Saved data entries:
◇ ◇ ◇
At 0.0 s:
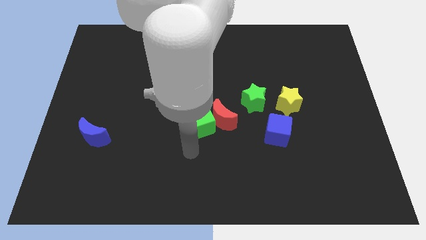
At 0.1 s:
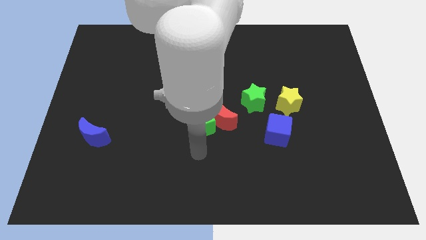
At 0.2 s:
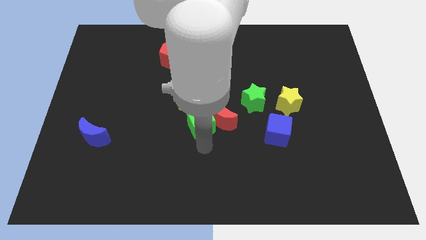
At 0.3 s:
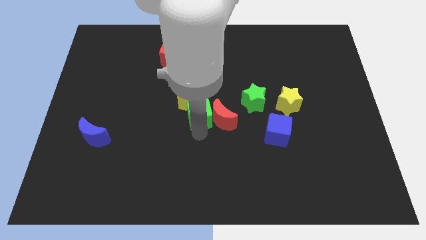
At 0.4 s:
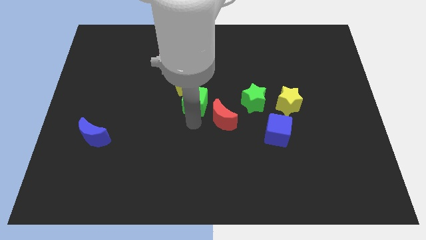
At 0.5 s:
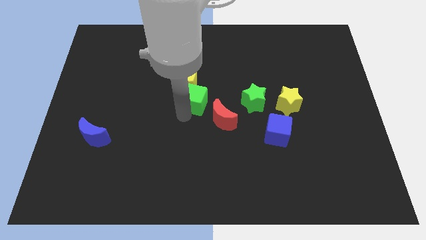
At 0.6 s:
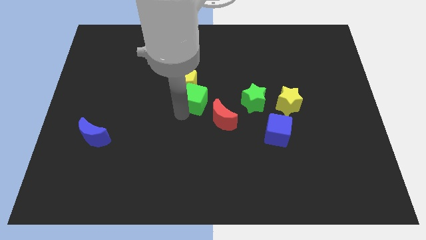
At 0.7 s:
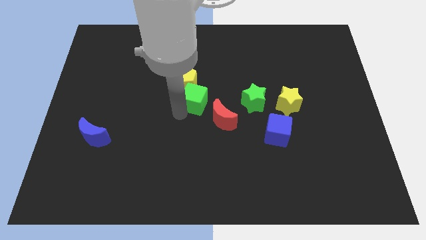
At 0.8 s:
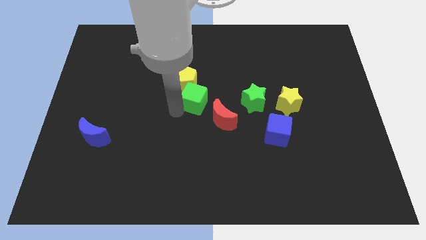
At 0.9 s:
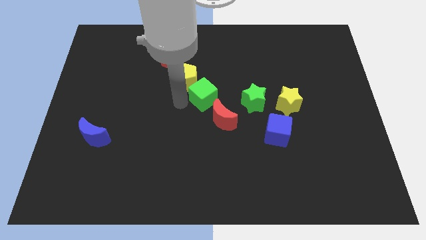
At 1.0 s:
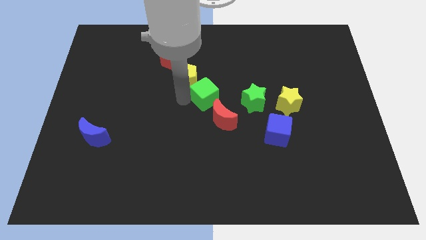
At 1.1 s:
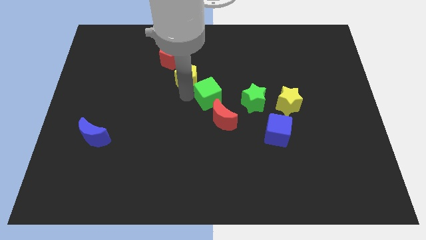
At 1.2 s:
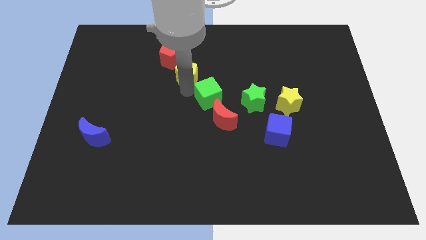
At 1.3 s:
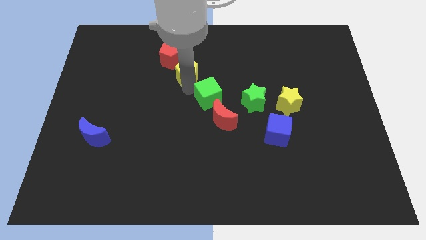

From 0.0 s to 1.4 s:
move the green cube above the red moon
◇ ◇ ◇
Could you restate every entry above word for word, leaving out the pictures?

SOLUTION FOR THIS PROBLEM:
At 0.0 s:
At 0.1 s:
At 0.2 s:
At 0.3 s:
At 0.4 s:
At 0.5 s:
At 0.6 s:
At 0.7 s:
At 0.8 s:
At 0.9 s:
At 1.0 s:
At 1.1 s:
At 1.2 s:
At 1.3 s:

From 0.0 s to 1.4 s:
move the green cube above the red moon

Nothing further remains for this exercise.